直至她站在桌边看宁疏狂熟练地揉面、包馅,掐出漂亮花褶。才相信他确实会做饭,还很熟练。
宁疏狂把包子放进蒸笼,拍了拍手上的面粉,“我早上做了面给咻咻吃,你想吃面吗?”
姜秀歪了歪头,“你怎么学的这些?”
“我娘去世之后,爹要干农活,家里的饭都是我来做的。”
姜秀:“你有父……你娘是什么样的人?”
“我娘是天底下最温柔的人。”宁疏狂回忆母亲时眼里有光,“她什么都会,会做饭,会绣花,会写字。我娘是村里所有女人里唯一一个会写字的。她教了我很多东西,说不管是什么,多学学总是没错的,指不定哪天就用上了。”
“那你爹呢?”
“我爹人很好的,他很顾家,我娘没嫁过来之前,村里的姑娘都想嫁给他。可惜我娘去世了。我明白他不是不爱咻咻,只是看见她就会想起我娘。”宁疏狂落寞地笑了笑。
“那你呢?”
宁疏狂看她,“我?”
“嗯。”姜秀淡淡颔首,“你快乐吗?”
“很快乐啊。”
姜秀试图从他的表情里找出一丝勉强。
没有。他真的很快乐。
姜秀:“我要吃面。”
“好嘞。”宁疏狂一甩汗巾,“客官稍等。”
片刻后他将一碗热腾腾的面端到姜秀面前。
姜秀拿起筷子,低头吃面时抬眸看向去开蒸笼的宁疏狂。他还不懂运用魔气,徒手开笼。被烫得跳了起来,双手捏住耳垂,嘴巴呼气。
姜秀的心事莫名沉下去了。
宁疏狂把包子放到桌上,“怎么样,我下的面好吃吗?”
“好吃。”他手艺是真的可以。
宁疏狂心满意得地笑。憨憨的。
吃过了饭,姜秀带宁疏狂到水兽湖。
当初他带来的小水兽也坐化了,躯体沉在湖底。不知道为什么它没有变成一座山,只是化成石头。姜秀时常会来这里坐上一整天,从天光到天黑,看着萤火虫在湖面上跳跃,两尾水兽的魂魄恣意游荡。打发没有他的时间。
宁疏狂双手捧水,尝了尝,“这水是甜的。”
姜秀坐在石头上,“自从多了一只水兽之后这水就是甜的,你做饭用的水便是这里的。”
“那熬出来的骨头汤怎么不是甜的?”他满脸好奇。
这戳中姜秀的知识盲区了,“可能加了别的就会变味?”
“可能?”宁疏狂跃跃欲试,“回头我弄点试试。”
姜秀拍了拍身旁空位,“过来。”
宁疏狂和她坐在一起看了会儿风景。
他以为姜秀会说些过去的事。但她只是安静地坐着,看着远方。
终于宁疏狂按捺不住想起话头时,姜秀开口了:“说说你小时候的事吧。”
嗯?她不说自己前世的事么。
这倒也没什么。她想听,他自然会说的。
宁疏狂讲到小时候。他和母亲一起在庭院种树,用挖出来的泥巴做了个陷阱。父亲被糊得满脸都是,他和母亲偷偷在旁边笑。然后父亲恼羞成怒,抹下泥巴说要让他们也感受一下,一家人在屋里跑,父亲不慎将泥巴弄到了母亲的刺绣上。局势反转,父亲那天跪了一天的搓衣板……

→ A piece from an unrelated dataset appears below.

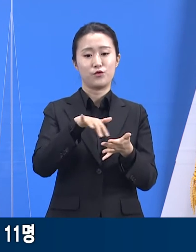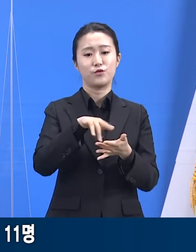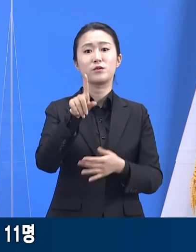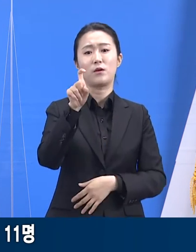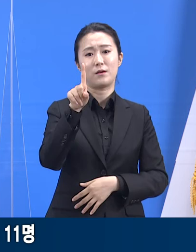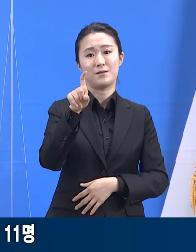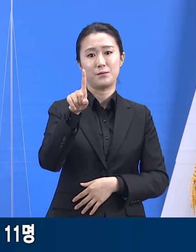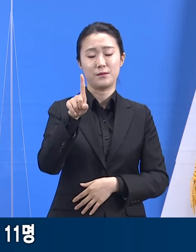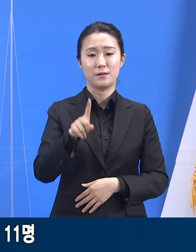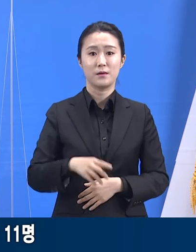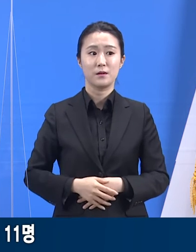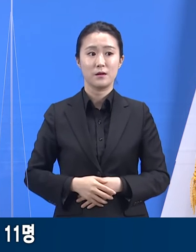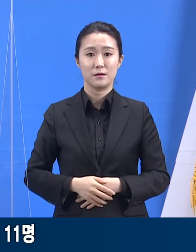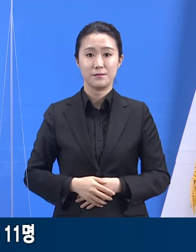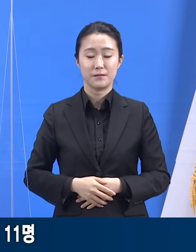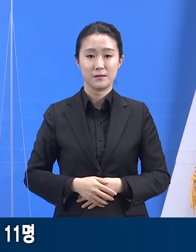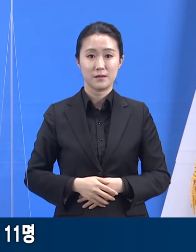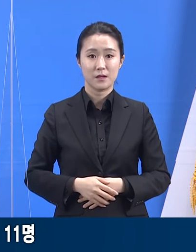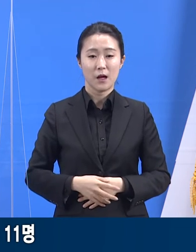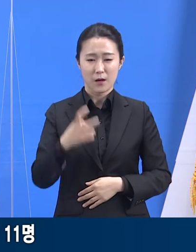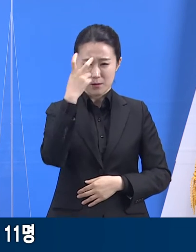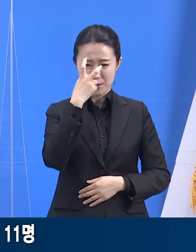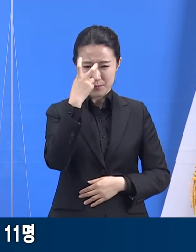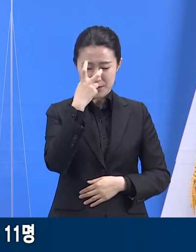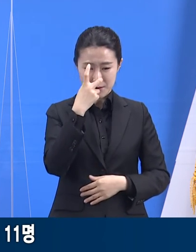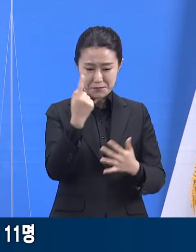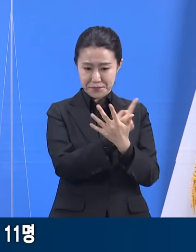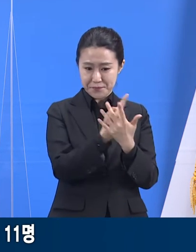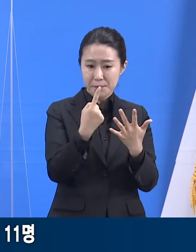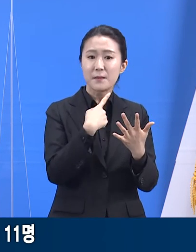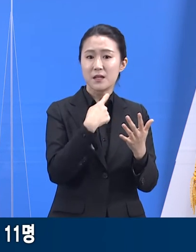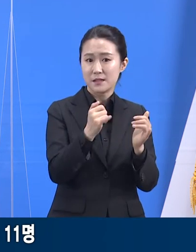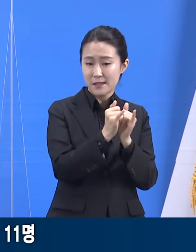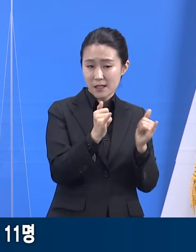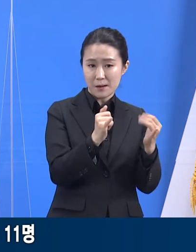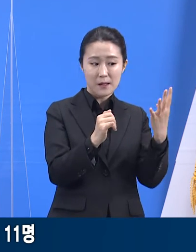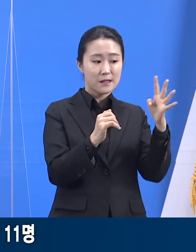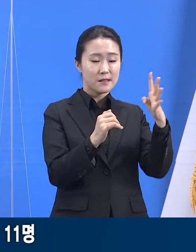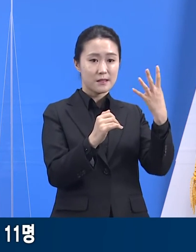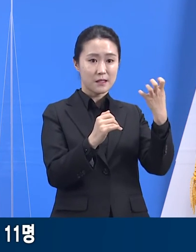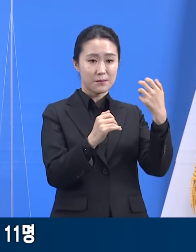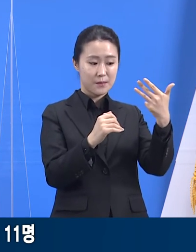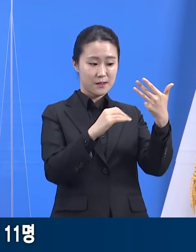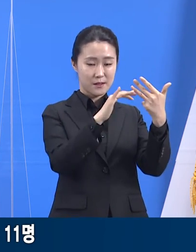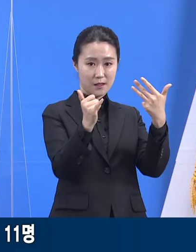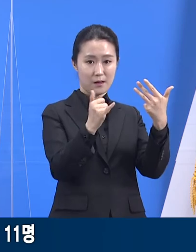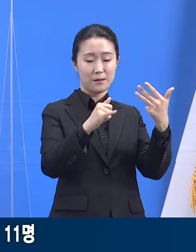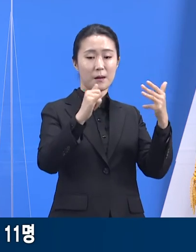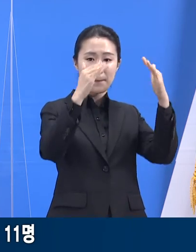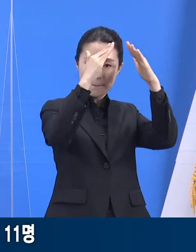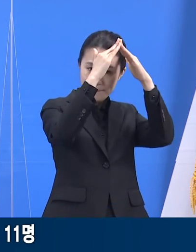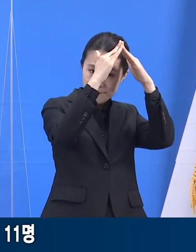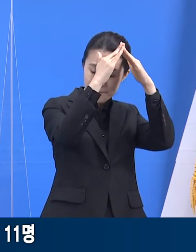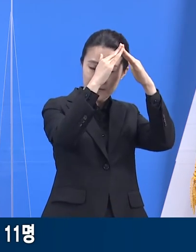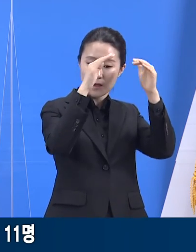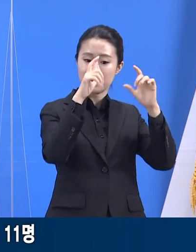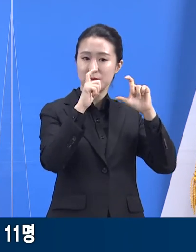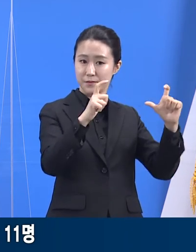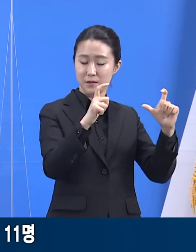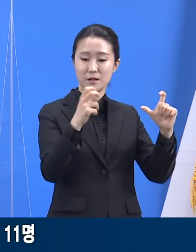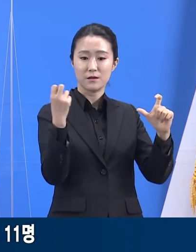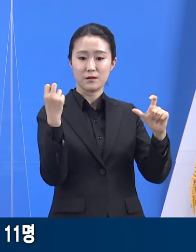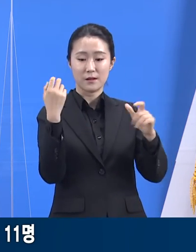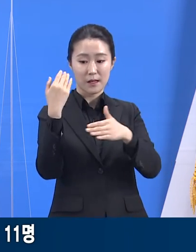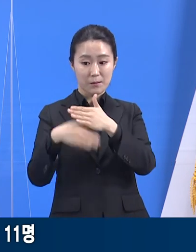접촉자 분류를 통해 48명은 자가격리, 10명은 능동감시 조치했습니다. 지표 환자가 발생한 5병동과

宁疏狂边说边观察她的表情。说到有趣之处,她会笑。不是怅然也不带恶意。单纯只是被他逗笑。她这样笑可真好看,宁疏狂想多看看。
他说得口干舌燥,便想着舀水喝。
扑通一声,水溅了姜秀一身。
宁疏狂浮出水面,擦了把脸,“我就是想喝口水。”有点委屈。
姜秀伸手要拉他上来。
指尖即将触碰之际,姜秀看见他挤眉弄眼,一副恶作剧即将得逞的神情。
又一声扑通,她也掉下去了。
姜秀:“……”
哦这个幼稚鬼。
甫一冒出头,一抔水像冷冷的冰雨胡乱拍打在脸上。
宁疏狂捞水泼她,“来玩嘛!”
姜秀抹了把脸。
差点忘了,他现在就是个十五六岁的少年。有一个美满幸福的童年。都说童年不幸的人要用一生来治愈,那童年幸福的人呢?他们甚至有治愈别人的能力。
姜秀动了动手指。
巨浪升起把宁疏狂压进水里。
过一会儿他浮上来,还挺乐呵,“这个怎么做到的啊?我也能弄吗?”
很简单,用魔气控水罢了。
姜秀以为他怎么也要花上一段时间适应魔气。却不想一教就会,不多时她也被压到了水下。
有什么从她袖里落了出去。
姜秀游到湖底,看见被吵醒的水兽。它们俩往一个石洞里缩了缩。宁疏狂死后这俩每次秀恩爱都会被打,怕她了。
姜秀拾起黑玉。
蓦地愣了愣。黑玉渐渐变色,成了白的。这意味着她可以引宁疏狂进入他的心境去观从前的事了。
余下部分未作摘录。